De nombreux métiers touchés
Les opportunités sont bien réelles, souligne Armand Derhy, directeur des projets stratégiques de Galileo Global Education : « Le marché du métavers est estimé à 800 milliards de dollars à l'horizon 2024, selon Bloomberg Intelligence. Il constitue un gisement d'emploi pour les futurs diplômés. Selon l'entreprise américaine Gartner, 25% des individus passeront au moins une heure par jour dans le métavers en 2026. » Il rappelle que Meta (ex-Facebook) s'apprête à recruter 10 000 ingénieurs en Europe à l'horizon 2027.

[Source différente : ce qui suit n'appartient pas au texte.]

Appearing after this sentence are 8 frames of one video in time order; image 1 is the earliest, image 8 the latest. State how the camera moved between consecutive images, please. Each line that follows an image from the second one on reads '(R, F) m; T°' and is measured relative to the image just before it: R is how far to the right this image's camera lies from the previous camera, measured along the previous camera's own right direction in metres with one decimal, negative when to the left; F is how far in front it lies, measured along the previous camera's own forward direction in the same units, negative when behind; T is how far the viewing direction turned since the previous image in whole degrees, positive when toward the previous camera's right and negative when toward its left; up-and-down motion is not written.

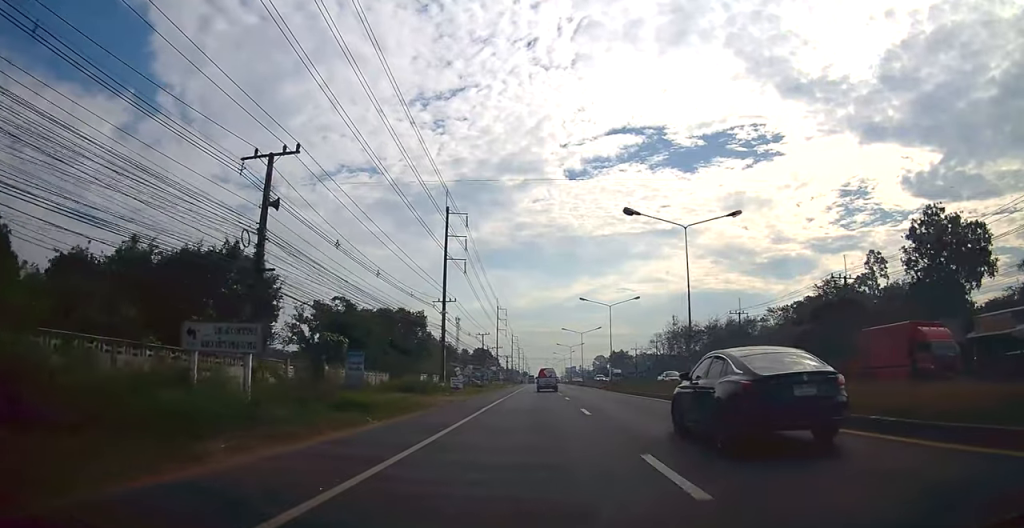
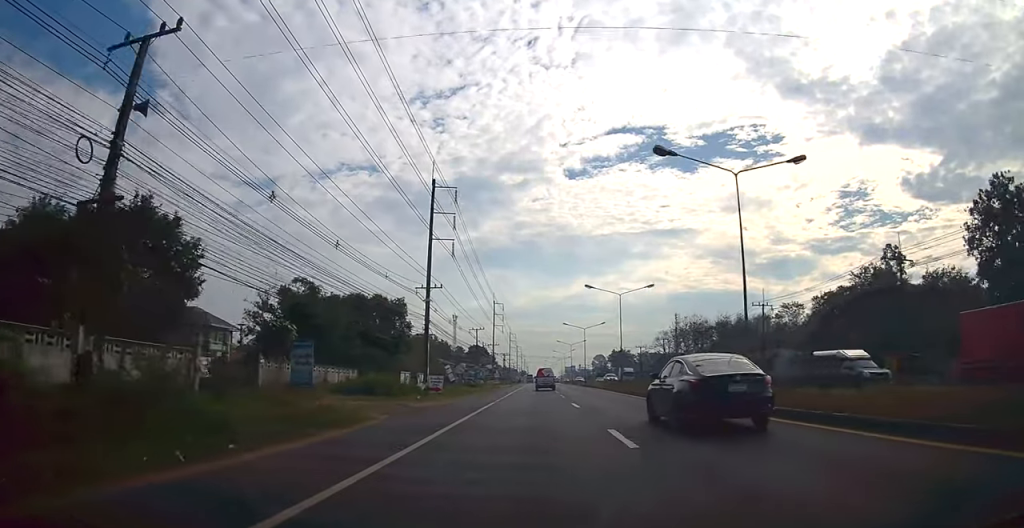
(0.0, +7.9) m; 0°
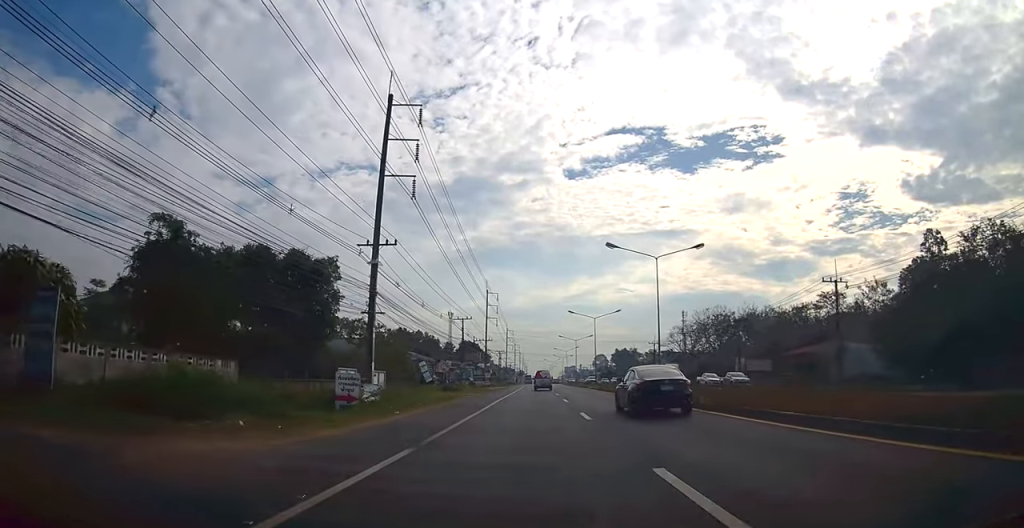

Au-delà des métiers liés au versant informatique, bien d’autres seront touchés, explique le dirigeant : « Dans le domaine de l’art et du design, le concepteur de jeux vidéo d'une entreprise travaillant par exemple dans le métavers devra veiller à rester toujours à l'avant-garde, afin d'effectuer des prototypes, imaginer, puis construire des jeux se déroulant dans la réalité virtuelle. » Il estime qu’il en sera de même pour la représentation des individus sous forme d'avatars, à condition de respecter les règles de consentement du RGPD. Sans oublier que le caractère unique de chaque NFT passe par de nouvelles opportunités dans les formations en design graphisme. « De plus, la nécessité de faire vivre aux utilisateurs en immersion une expérience unique dans des espaces qui se doivent de l'être va impacter les formations préparant à l'architecture 3D, ajoute Armand Derhy. Parmi les formations business, le chef de projet métavers contribuera pour sa part aux décisions stratégiques, en collaboration avec l'ensemble des équipes de conception : designers, artistes, ingénieurs et développeurs. »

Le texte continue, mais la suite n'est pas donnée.